Earlier this week, it was revealed that our country has basically been run via hastily written WhatsApp messages during the pandemic. Boris Johnson’s former senior advisor, Dominic Cummings, leaked messages exchanged between the pair in March 2020. One screenshot suggested that the prime minister called Health Secretary Matt Hancock “totally fucking hopeless”. He also said that he was considering “taking Hancock off” and replacing him with Michael Gove. Basically, it was pretty apparent that they agreed the whole operation was a shambles.

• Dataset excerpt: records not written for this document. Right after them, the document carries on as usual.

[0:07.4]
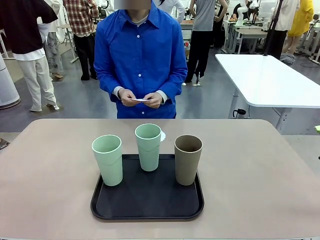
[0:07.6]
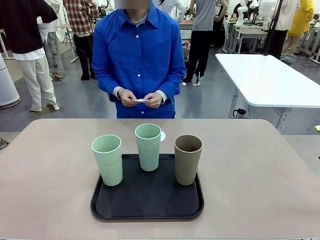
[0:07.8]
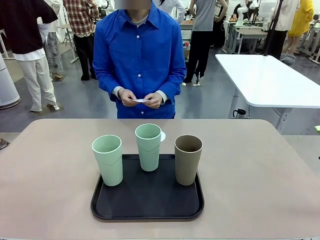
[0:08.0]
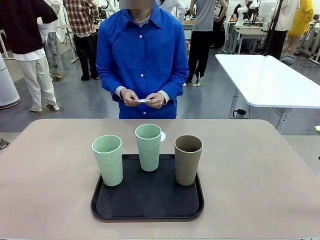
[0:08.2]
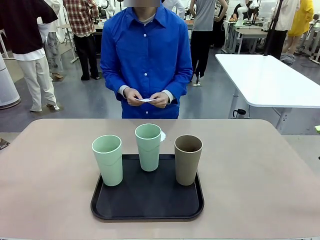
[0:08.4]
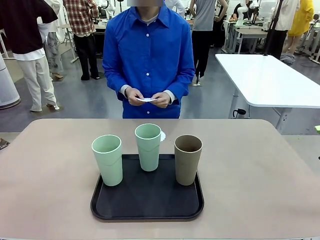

While this raises so many more vital questions about how the government has handled coronavirus, it’s also made a lot of us cringe while recalling our own work fails. After all, sending a work email or instant message that is seen by the very person or people you don’t want to see it is something that happens to most people at one point in their careers, right? What about accidentally hitting reply all? And we’ve all sent a drunken or totally misjudged contribution to the team WhatsApp group… haven’t we?
Of course, backstabbing or talking badly about colleagues is unkind and should always be avoided (there are ways to take action against bullying in the workplace). But we’re talking about those smaller yet still mortifying times when we just mess up a little.
Here are nine real-life stories to prove you are not alone:
“I sent a bitchy email to the wrong colleague”
“It happened to me in my first office job,” one website manager confesses to Stylist. “I was bickering about something with my colleague (who was also my friend) sat next to me – but I knew I was right! He went to the loo and I emailed my other colleague saying something like, ‘Argh, he’s doing my head in. And he was so wrong!’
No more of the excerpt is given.